02:29Et puis là j'ai pu voir arriver une bête toute proche, c'était des chevreuils, c'est tout simple.
02:35Et j'ai fait ma première image qui a été décisive, je me suis dit c'est quand même génial
02:39cette technique de l'affût justement, d'attendre et d'observer.
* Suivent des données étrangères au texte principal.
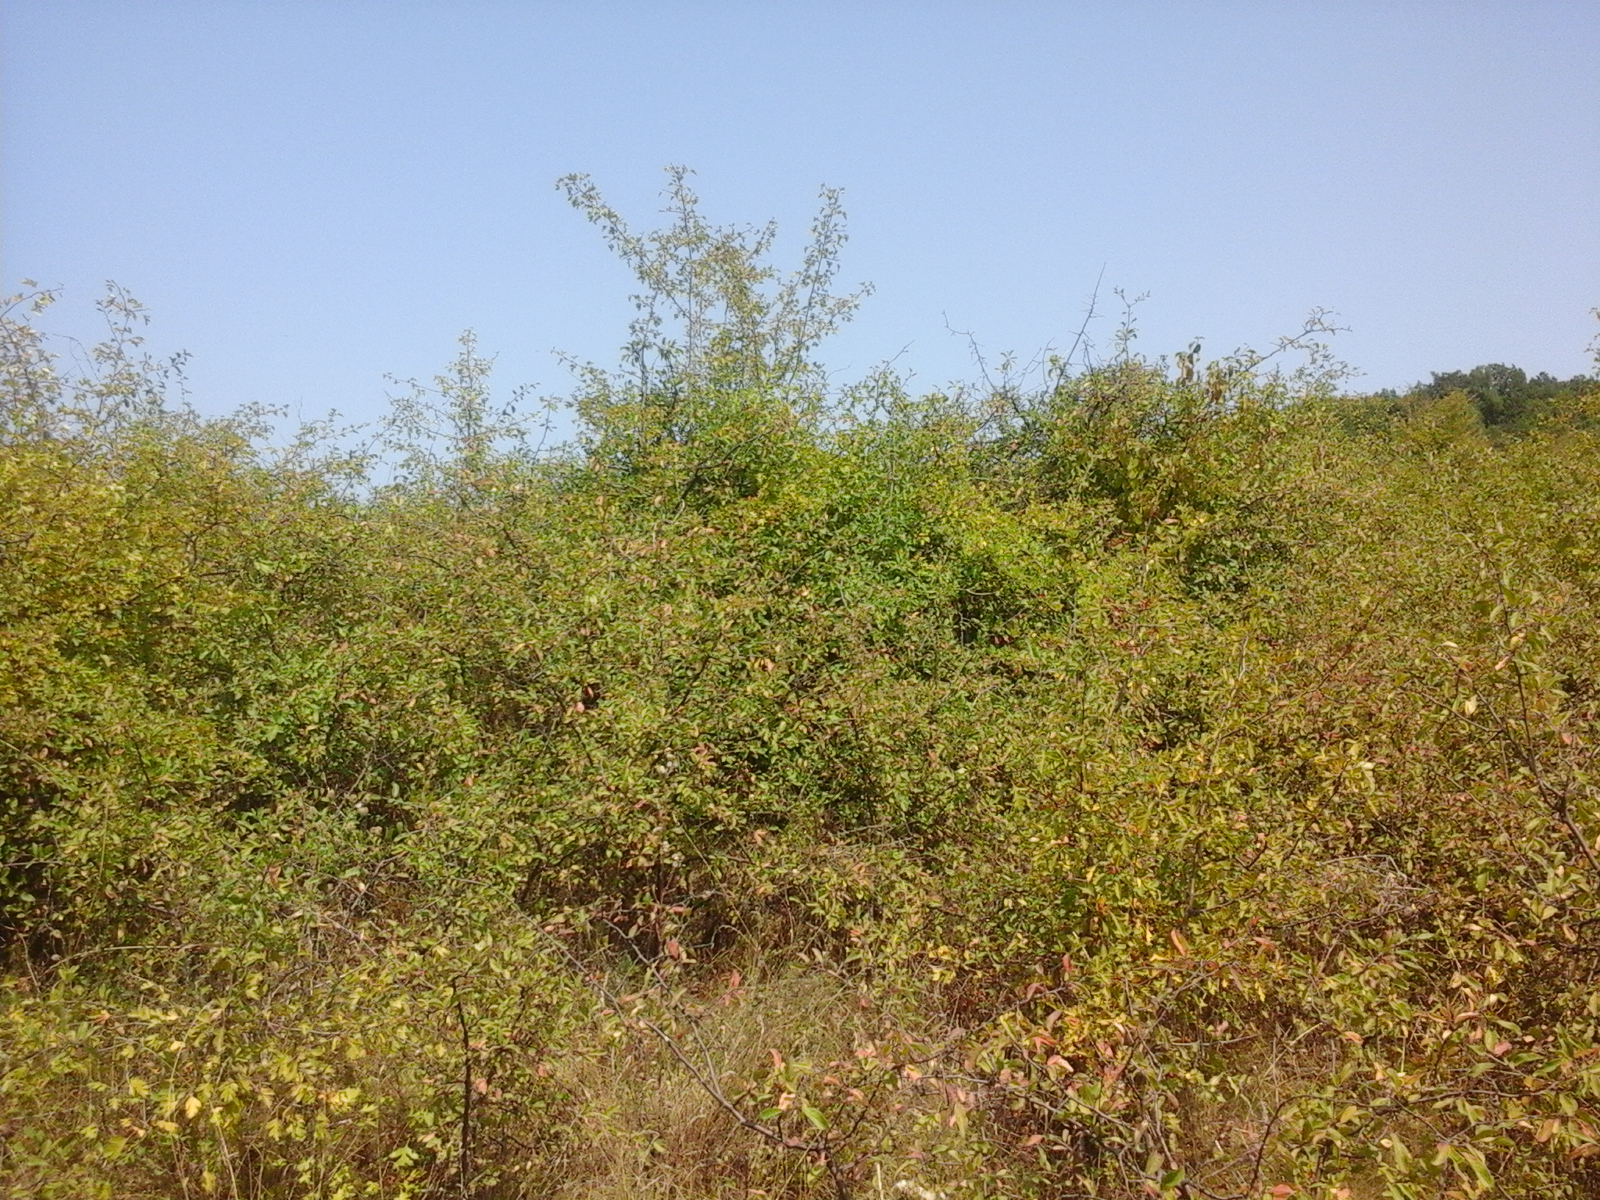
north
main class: Shrubland
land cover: Shrubland with sparse tree cover
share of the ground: > 75 %
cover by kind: shrubs 95 %, broadleaved forest trees 5 %
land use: Semi-natural and natural areas not in use
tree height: < 5 m
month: August
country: RO
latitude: 44.5452
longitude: 23.3299
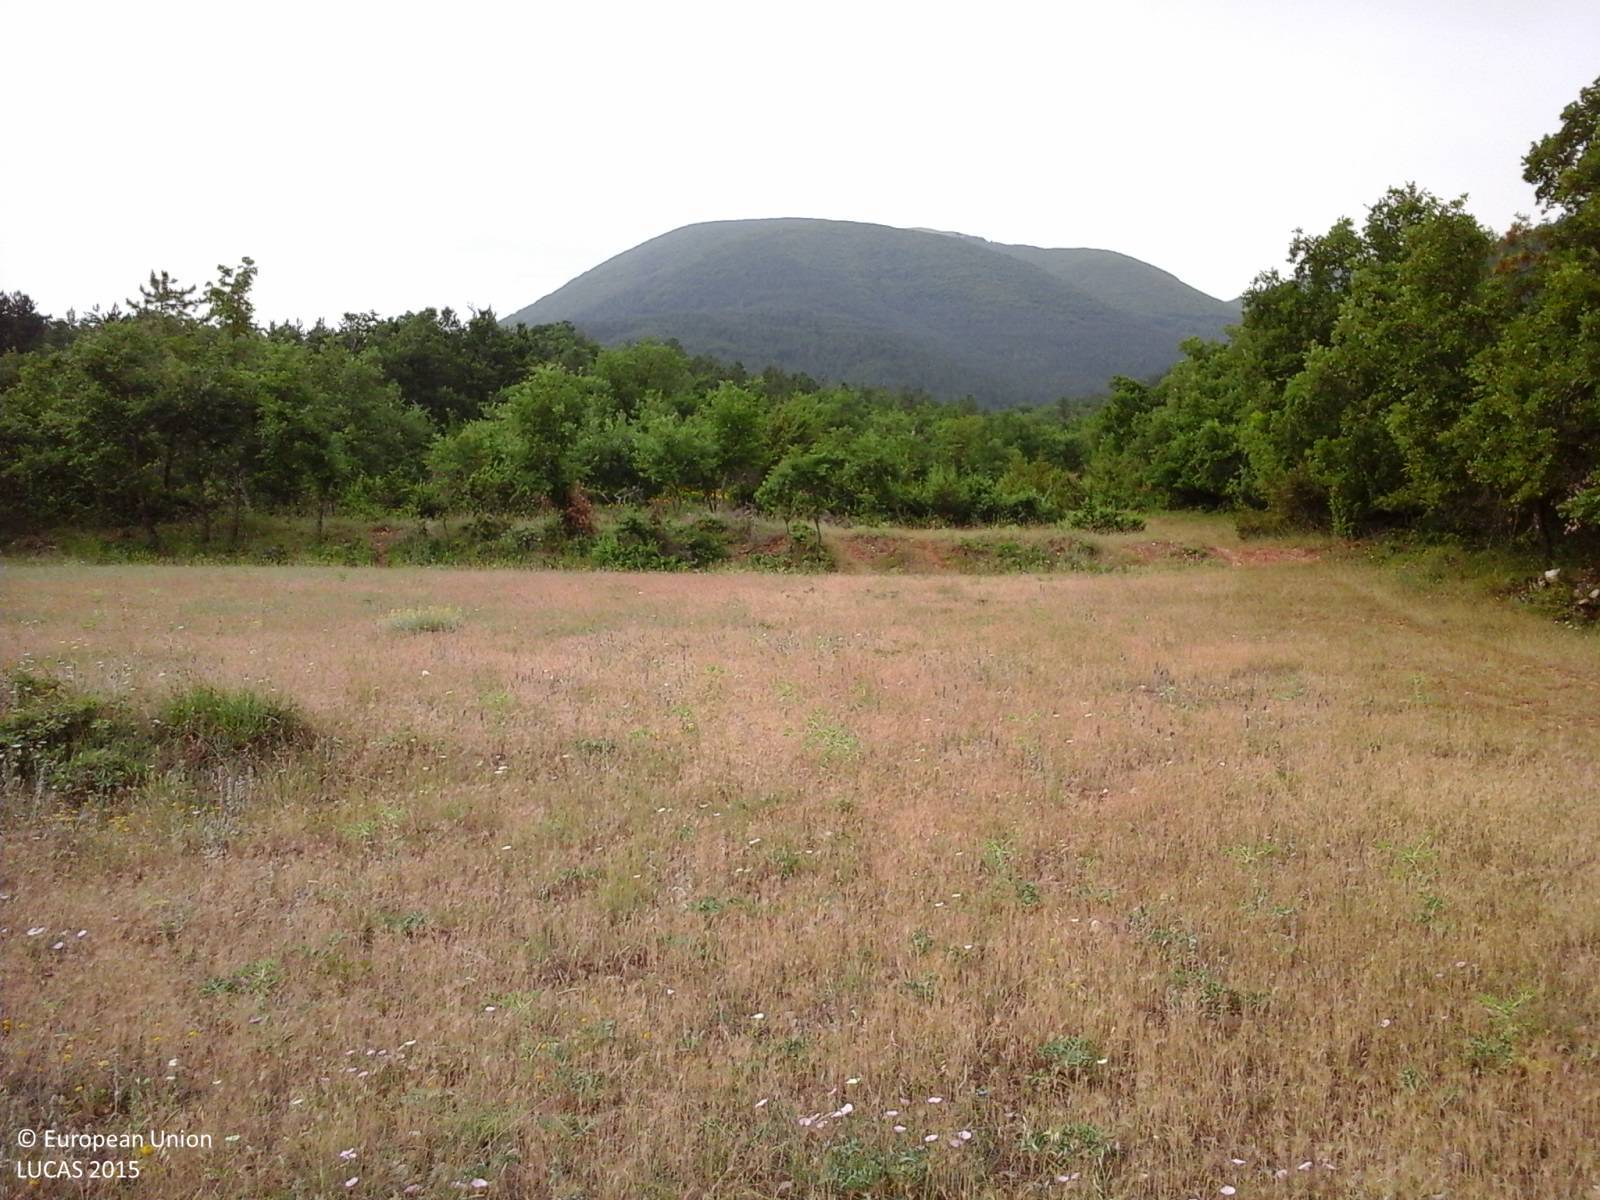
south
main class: Grassland
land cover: Grassland without tree/shrub cover
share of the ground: > 75 %
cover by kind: herbaceous plants 100 %
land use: Agriculture (excluding fallow land and kitchen gardens)
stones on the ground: 25 - 50 %
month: June
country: IT
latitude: 42.0188
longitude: 13.8876
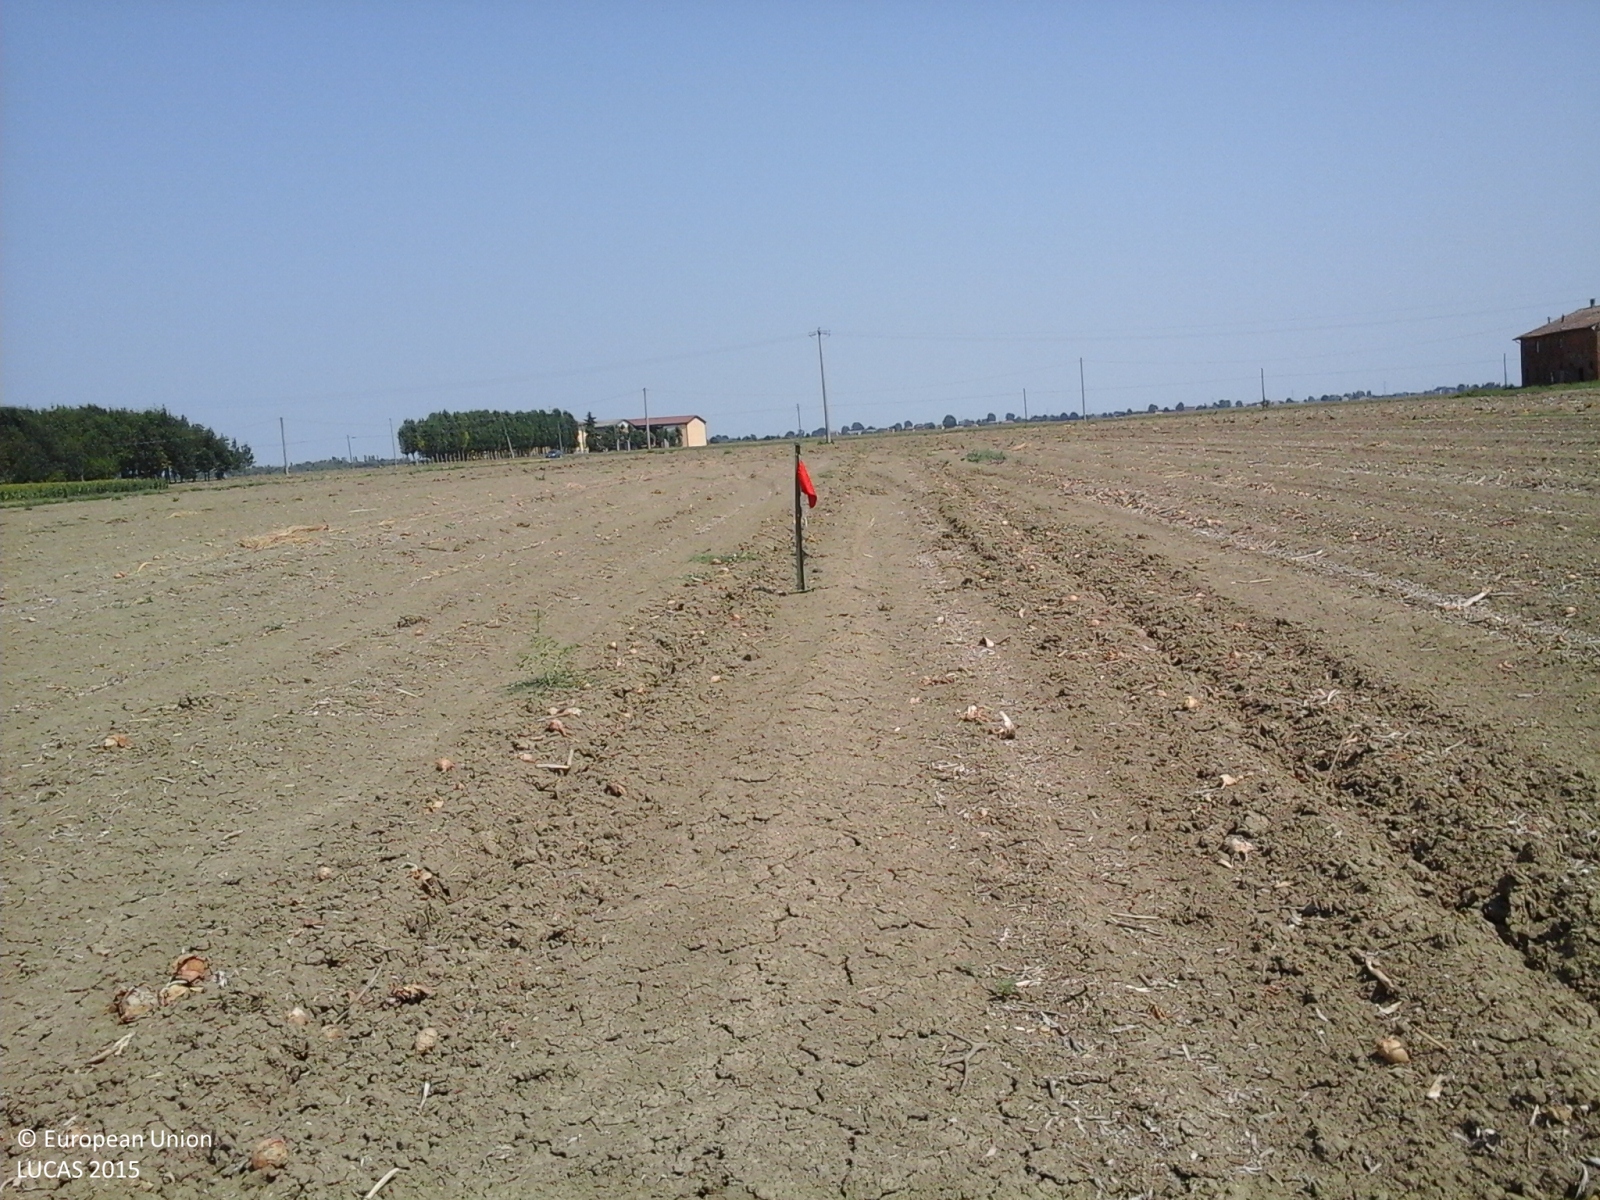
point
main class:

02:42Et de voir l'animal venir à nous, on a l'impression de rêver,
02:47c'est un mélange d'angoisse, un mélange de rêve, un mélange de satisfaction évidemment.
02:54Et on fait une photo, ça affiche ce mirage, parce qu'on a l'impression que c'est irréel,
02:58et après on peut le partager, c'est fabuleux.
03:00Un de mes premiers loups que j'ai pu voir à la frontière entre la Finlande et la Russie,
03:05je suis resté six jours et une nuit consécutives dans une toute petite cabane,
03:09avec une cheminée, donc la cabane était hermétique,
03:12une cheminée pour évacuer mon odeur pour pas que l'animal me voie.
03:15Et là je l'ai vu, ce fantôme, ce loup qui est passé juste pendant deux minutes devant mon affût,
03:21en plus dans une ambiance assez crépusculaire.
03:24Et là j'ai pas pu faire de photos tellement j'étais ému, j'en ai eu des larmes aux yeux.
03:28Et voilà, donc il m'est arrivé de passer des jours, des semaines d'affût,
03:34mais ça on compte plus, je pense que dans tout domaine on est un peu fêlé quoi.
03:38Quand on fait de l'affût comme ça, comme vous aussi longtemps,
03:41comment vous vous sentez quand vous retournez à la civilisation ?
03:45Ah ben là c'est brutal, c'est compliqué, c'est compliqué.
03:48Comme un peu je le dis dans le film, je me suis jamais senti aussi bien, aussi serein,
03:53aussi apaisé que dans ces endroits-là et avec vraiment le sourire,
03:58vraiment cette plénitude, cette zénitude que j'ai pas du tout dès qu'on rentre dans la société.
04:04J'ai un côté un peu ermite et c'est pour cette raison que je vis encore dans ma ferme isolée dans les Vosges.
04:09La brutalité de la nature qui fait qu'on se sent vivant
04:13et ça nous rappelle aussi notre fragilité parce qu'on a quand même,
04:17ce qui m'agace énormément dans notre société c'est cette hégémonie de l'espèce humaine.
04:21On a l'impression d'être les maîtres du monde
04:23et quand on est là-bas au Tibet face à la panthère,
04:26quand on est en Arctique dans le blizzard,
04:29on se prend des bonnes gifles et on se dit ben non, on n'est pas grand chose, on est une poussière.
04:33Et respect, respect pour les animaux qui sont là et qui vivent en permanence là.